(Source data)
--- START ---
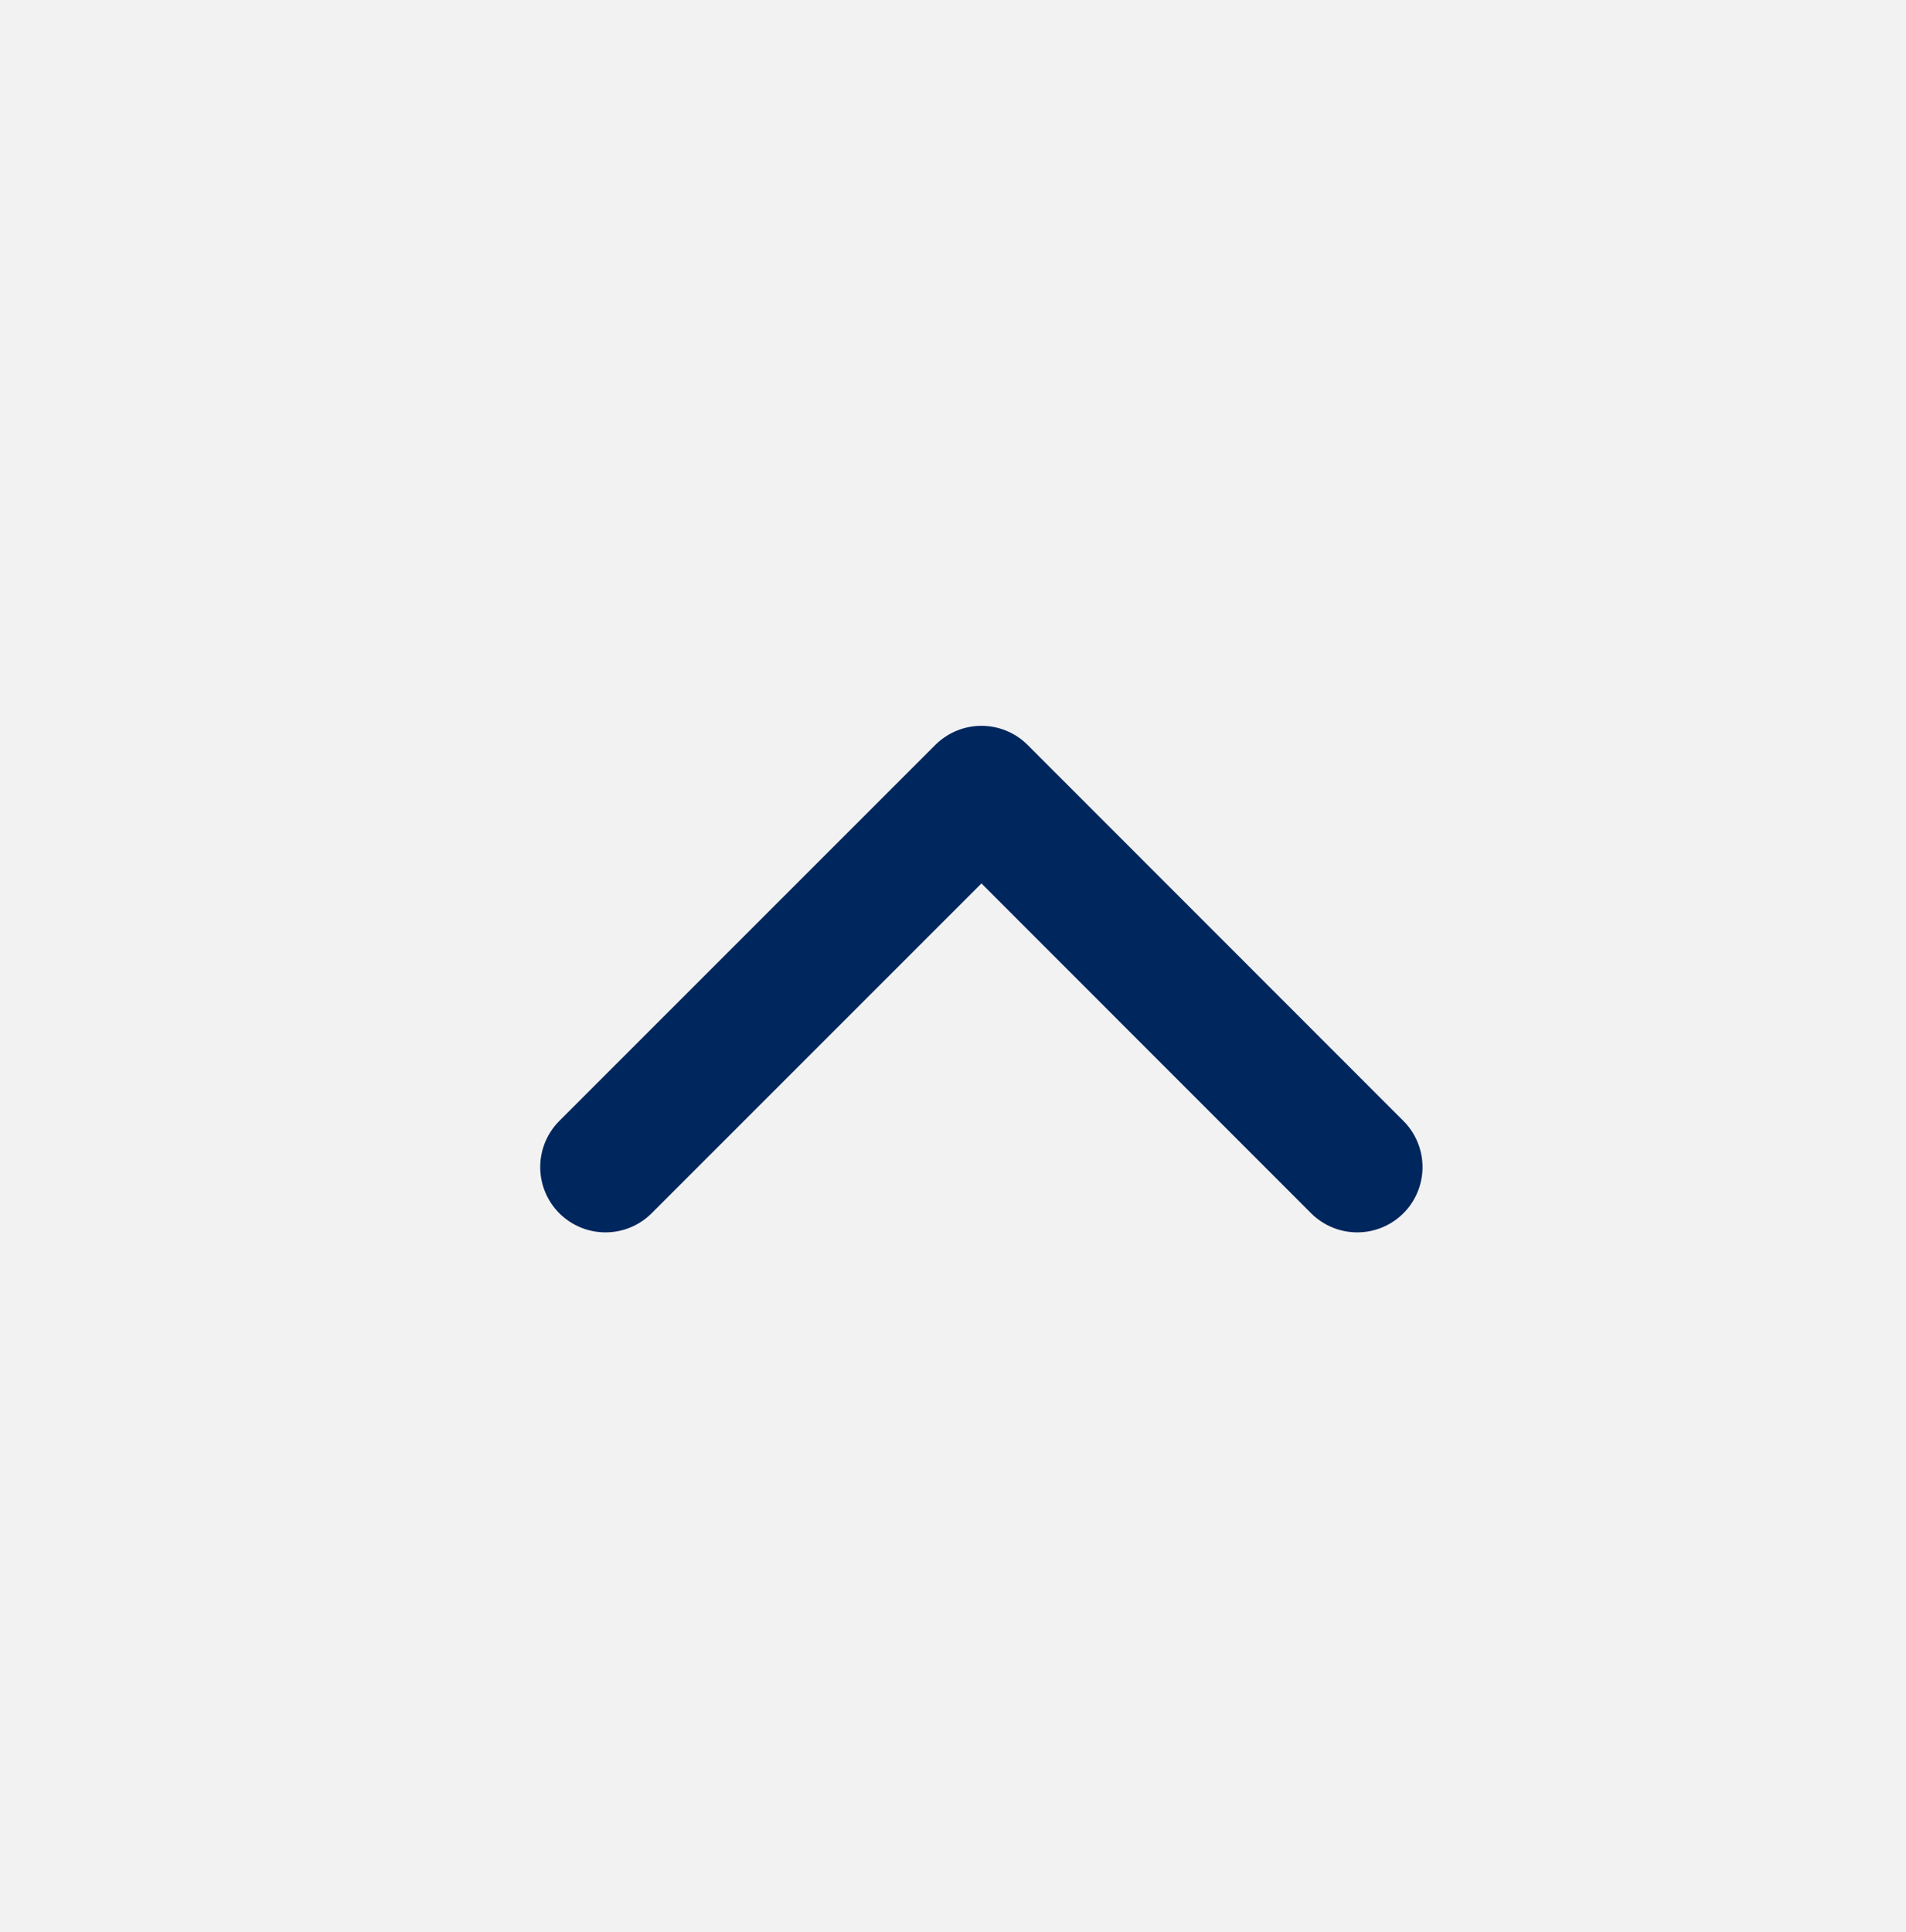 <svg xmlns="http://www.w3.org/2000/svg" xmlns:xlink="http://www.w3.org/1999/xlink" width="73" height="74" viewBox="0 0 73 74"><rect x="0" y="0" width="73" height="74" fill="#808080" stroke="none"/><defs><clipPath id="a"><rect width="73" height="74" transform="translate(1647 4544)" fill="#fff" stroke="#707070" stroke-width="1"/></clipPath><clipPath id="b"><rect x="6" width="103" height="115" fill="none"/></clipPath></defs><g transform="translate(-1647 -4544)" clip-path="url(#a)"><rect width="74" height="74" transform="translate(1647 4544)" fill="#f2f2f2"/><g transform="translate(1628 4526)" clip-path="url(#b)" style="isolation:isolate"><g transform="translate(0 115.379) rotate(-90)"><rect width="115" height="115" transform="translate(0.379)" fill="none"/><path d="M0,0,14.4,14.4,0,28.793" transform="translate(52.681 42.19)" fill="none" stroke="#00265e" stroke-linecap="round" stroke-linejoin="round" stroke-width="5"/></g></g></g></svg>
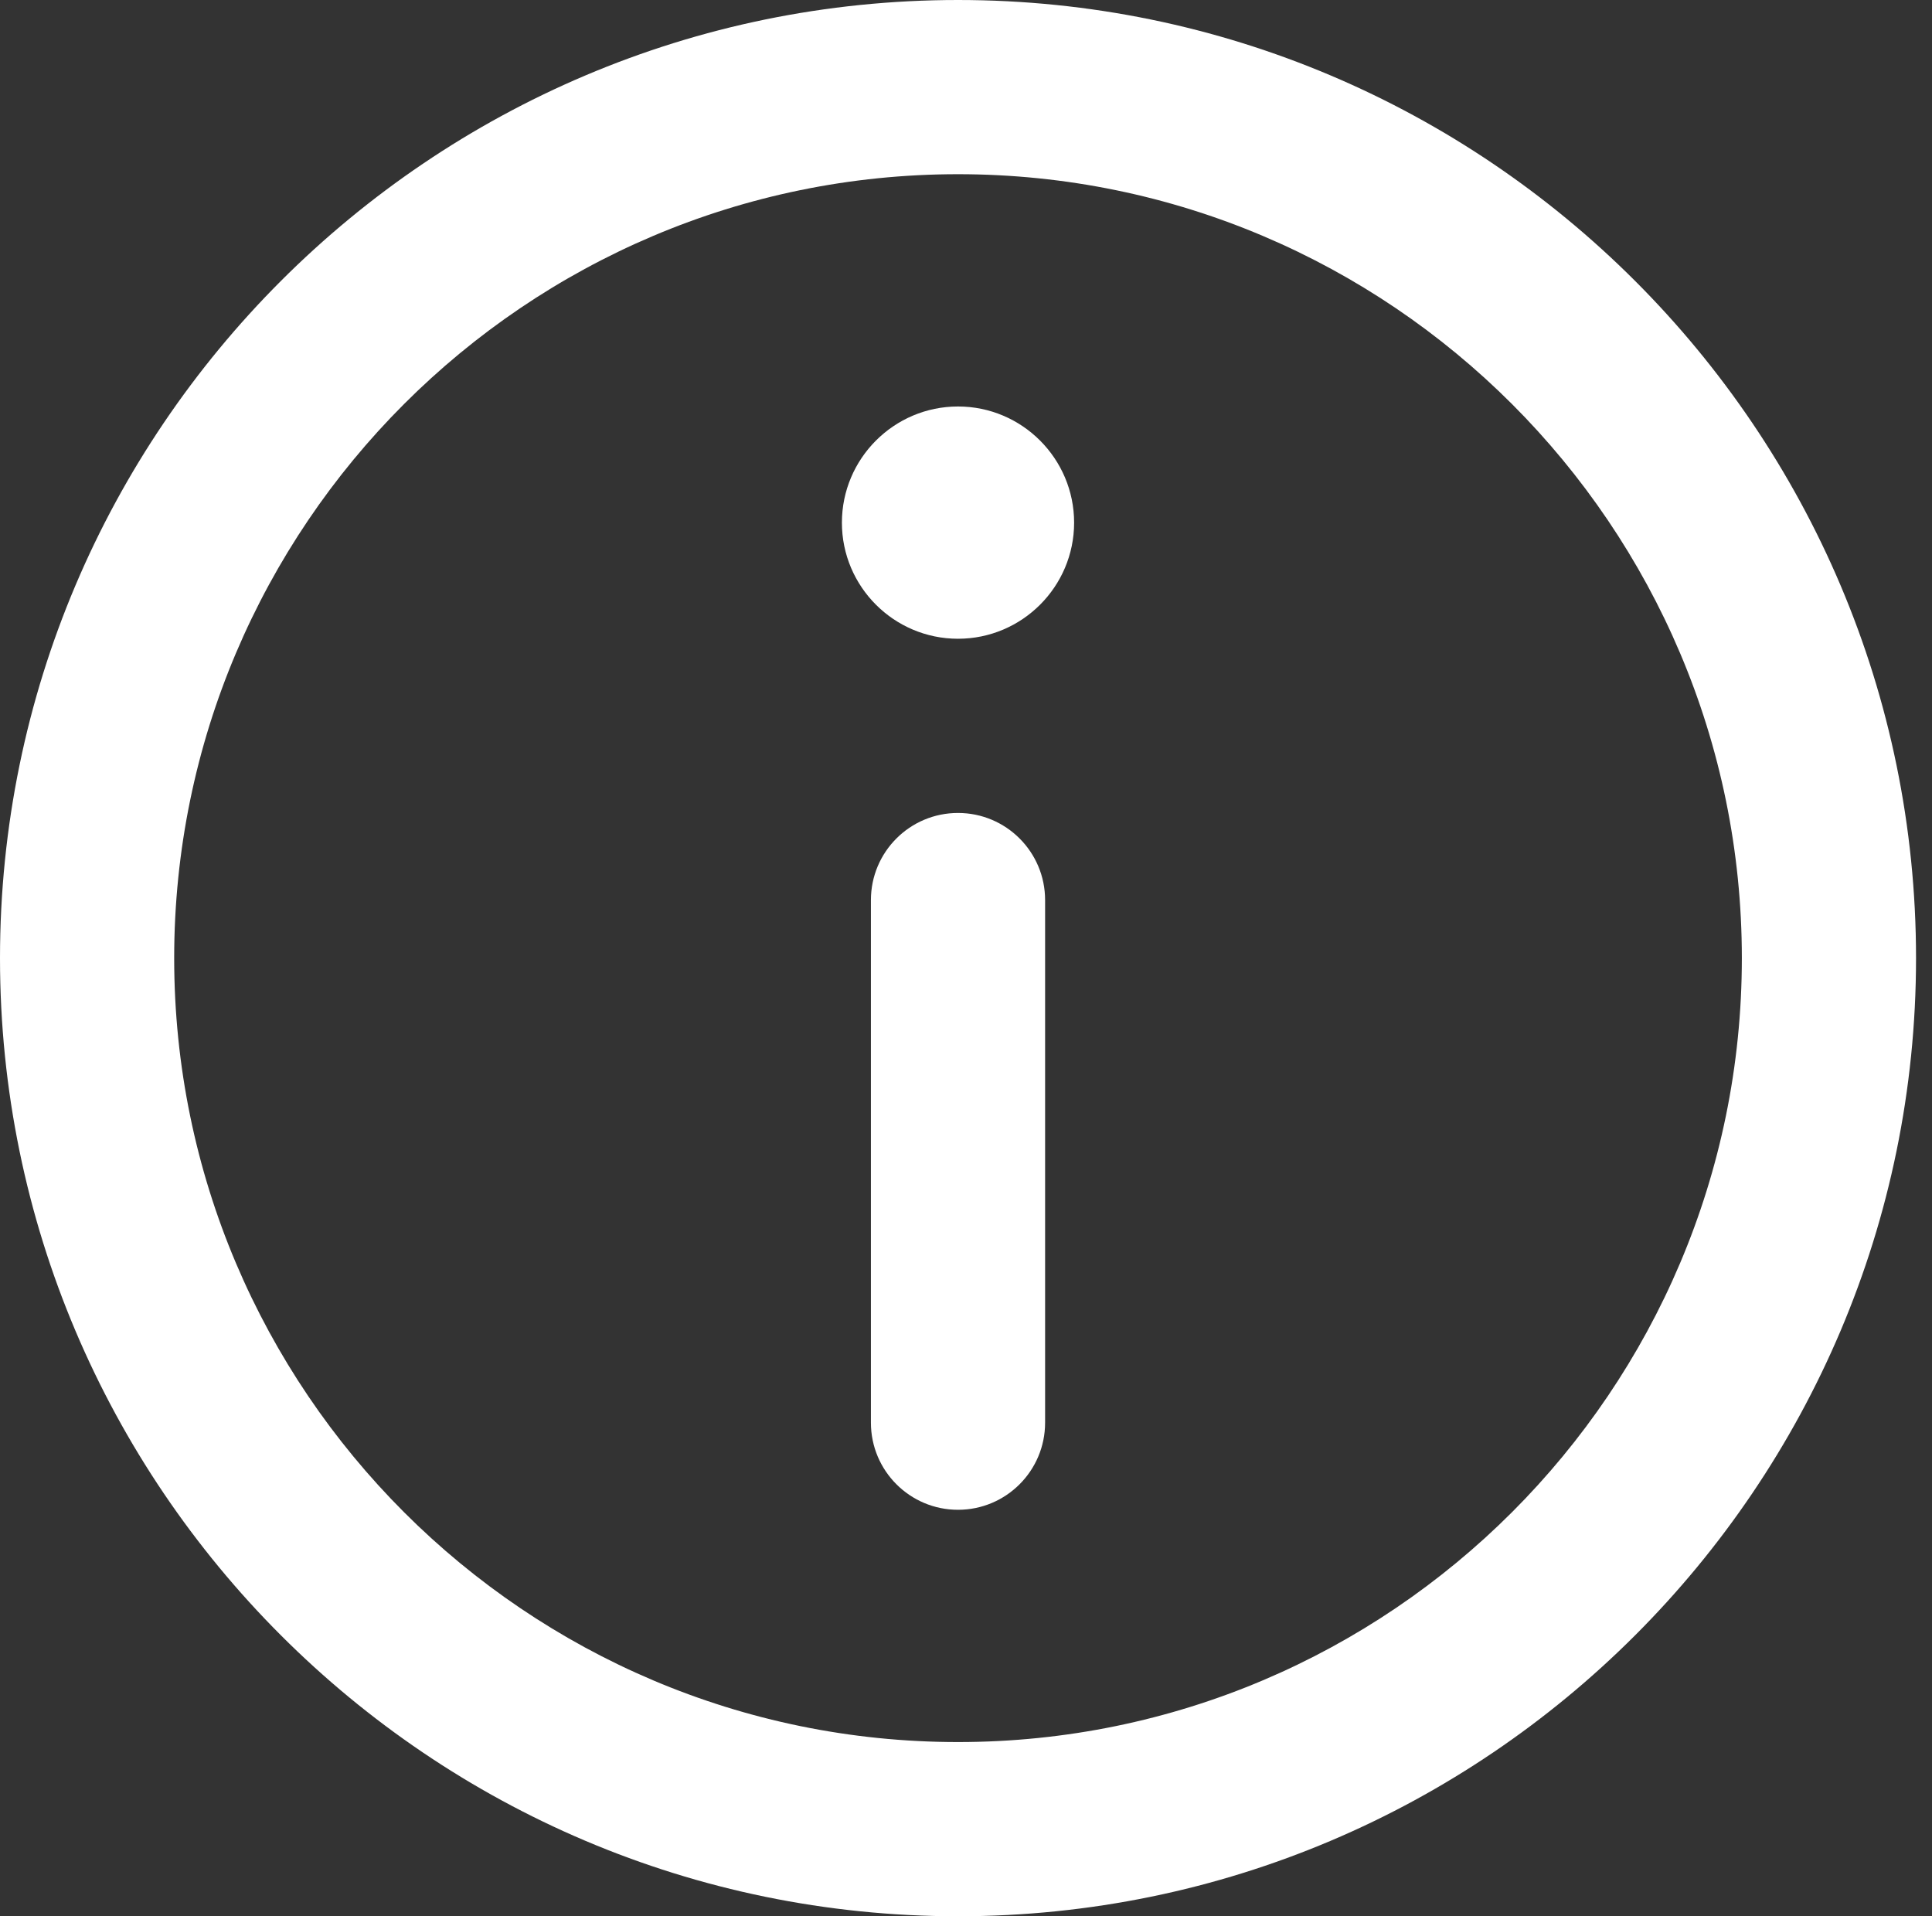 <svg width="121" height="120" viewBox="0 0 121 120" fill="none" xmlns="http://www.w3.org/2000/svg">
<rect x="0" y="0" width="121" height="120" fill="#333333" stroke="none"/>
<path d="M60 0C26.916 0 0 26.916 0 60C0 93.084 26.916 120 60 120C93.084 120 120 93.084 120 60C120 26.916 93.084 0 60 0ZM60 109.091C32.931 109.091 10.909 87.069 10.909 60C10.909 32.932 32.931 10.909 60 10.909C87.069 10.909 109.091 32.932 109.091 60C109.091 87.069 87.069 109.091 60 109.091Z" fill="white"/>
<path d="M60 25.455C55.99 25.455 52.728 28.719 52.728 32.731C52.728 36.739 55.99 40 60 40C64.009 40 67.271 36.739 67.271 32.731C67.271 28.719 64.009 25.455 60 25.455Z" fill="white"/>
<path d="M59.999 50.909C56.987 50.909 54.545 53.351 54.545 56.364V89.091C54.545 92.103 56.987 94.546 59.999 94.546C63.012 94.546 65.454 92.103 65.454 89.091V56.364C65.454 53.351 63.012 50.909 59.999 50.909Z" fill="white"/>
</svg>
--- END ---
Print only these lines, exactly: the one containing "50.909C56.987 50.909 54.545" and all after it to the end of the entries.

<path d="M59.999 50.909C56.987 50.909 54.545 53.351 54.545 56.364V89.091C54.545 92.103 56.987 94.546 59.999 94.546C63.012 94.546 65.454 92.103 65.454 89.091V56.364C65.454 53.351 63.012 50.909 59.999 50.909Z" fill="white"/>
</svg>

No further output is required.